# Records to process
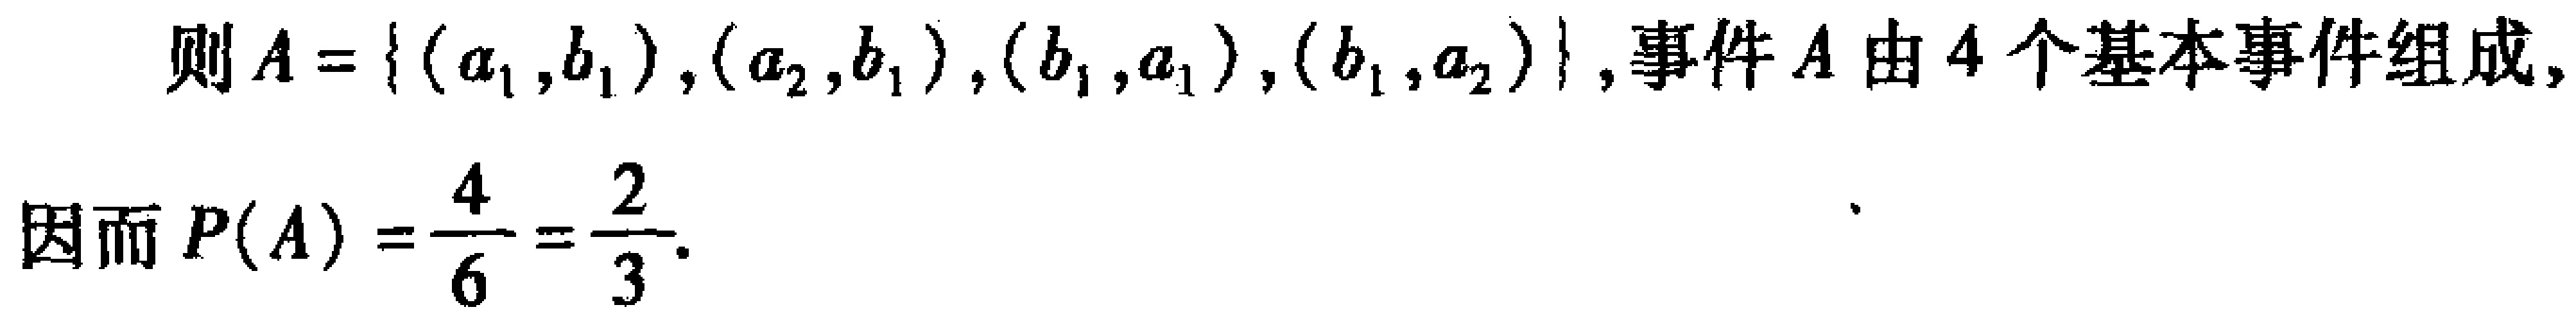
则\(A = \{ (a_1,b_1),(a_2,b_1),(b_1,a_1),(b_1,a_2)\}\)，事件\(A\)由\(4\)个基本事件组成，

因而\(P(A)=\frac{4}{6}=\frac{2}{3}\).
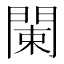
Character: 𨴨
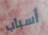
أسباب
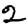
Digit: 2
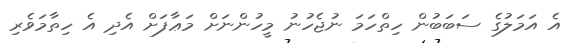
އެ އަމަލުގެ ސަބަބުން ހިތްހަމަ ނުޖެހުނު މީހުންނަށް މަޢާފަށް އެދި އެ ހިތާމަވެރި
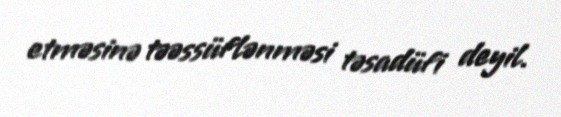
etməsinə təəssüflənməsi təsadüfi deyil.
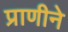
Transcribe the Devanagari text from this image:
प्राणीने
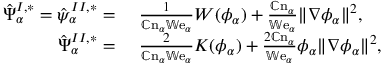
\begin{array} { r l } { \hat { \Psi } _ { \alpha } ^ { I , * } = \hat { \psi } _ { \alpha } ^ { I I , * } = } & { { } ~ \frac { 1 } { \mathbb { C } \mathrm { n } _ { \alpha } \mathbb { W } \mathrm { e } _ { \alpha } } W ( \phi _ { \alpha } ) + \frac { \mathbb { C } \mathrm { n } _ { \alpha } } { \mathbb { W } \mathrm { e } _ { \alpha } } \| \nabla \phi _ { \alpha } \| ^ { 2 } , } \\ { \hat { \Psi } _ { \alpha } ^ { I I , * } = } & { { } ~ \frac { 2 } { \mathbb { C } \mathrm { n } _ { \alpha } \mathbb { W } \mathrm { e } _ { \alpha } } K ( \phi _ { \alpha } ) + \frac { 2 \mathbb { C } \mathrm { n } _ { \alpha } } { \mathbb { W } \mathrm { e } _ { \alpha } } \phi _ { \alpha } \| \nabla \phi _ { \alpha } \| ^ { 2 } , } \end{array}
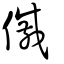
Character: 傶
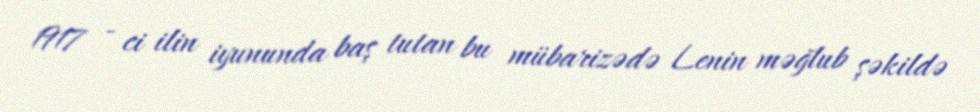
1917 - ci ilin iyununda baş tutan bu mübarizədə Lenin məğlub şəkildə
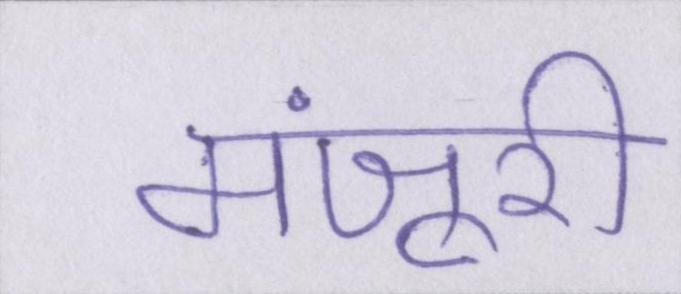
मंजूरी

# Problem to work on
Only lines with the word "frac" are wanted; pull each of them from the records.

# The answer
因而\(P(A)=\frac{4}{6}=\frac{2}{3}\).
\begin{array} { r l } { \hat { \Psi } _ { \alpha } ^ { I , * } = \hat { \psi } _ { \alpha } ^ { I I , * } = } & { { } ~ \frac { 1 } { \mathbb { C } \mathrm { n } _ { \alpha } \mathbb { W } \mathrm { e } _ { \alpha } } W ( \phi _ { \alpha } ) + \frac { \mathbb { C } \mathrm { n } _ { \alpha } } { \mathbb { W } \mathrm { e } _ { \alpha } } \| \nabla \phi _ { \alpha } \| ^ { 2 } , } \\ { \hat { \Psi } _ { \alpha } ^ { I I , * } = } & { { } ~ \frac { 2 } { \mathbb { C } \mathrm { n } _ { \alpha } \mathbb { W } \mathrm { e } _ { \alpha } } K ( \phi _ { \alpha } ) + \frac { 2 \mathbb { C } \mathrm { n } _ { \alpha } } { \mathbb { W } \mathrm { e } _ { \alpha } } \phi _ { \alpha } \| \nabla \phi _ { \alpha } \| ^ { 2 } , } \end{array}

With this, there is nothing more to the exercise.